Entries follow. Give back exactly the lines starting at the one containing "Modality: FA" and ending at the one containing "An aerial image.", and no other lines.
---------- INPUT DATA ----------
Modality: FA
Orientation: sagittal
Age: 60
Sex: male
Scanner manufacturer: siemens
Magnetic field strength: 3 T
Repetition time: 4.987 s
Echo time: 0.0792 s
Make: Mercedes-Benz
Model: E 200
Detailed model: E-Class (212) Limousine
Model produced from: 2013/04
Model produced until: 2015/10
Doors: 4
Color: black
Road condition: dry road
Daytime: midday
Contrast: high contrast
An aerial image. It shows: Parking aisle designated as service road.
----------
---------- INPUT DATA ----------
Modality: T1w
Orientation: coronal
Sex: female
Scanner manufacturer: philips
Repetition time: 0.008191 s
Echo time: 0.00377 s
----------
* WRITTEN REPLY *
Modality: FA
Orientation: sagittal
Age: 60
Sex: male
Scanner manufacturer: siemens
Magnetic field strength: 3 T
Repetition time: 4.987 s
Echo time: 0.0792 s
Make: Mercedes-Benz
Model: E 200
Detailed model: E-Class (212) Limousine
Model produced from: 2013/04
Model produced until: 2015/10
Doors: 4
Color: black
Road condition: dry road
Daytime: midday
Contrast: high contrast
An aerial image. It shows: Parking aisle designated as service road.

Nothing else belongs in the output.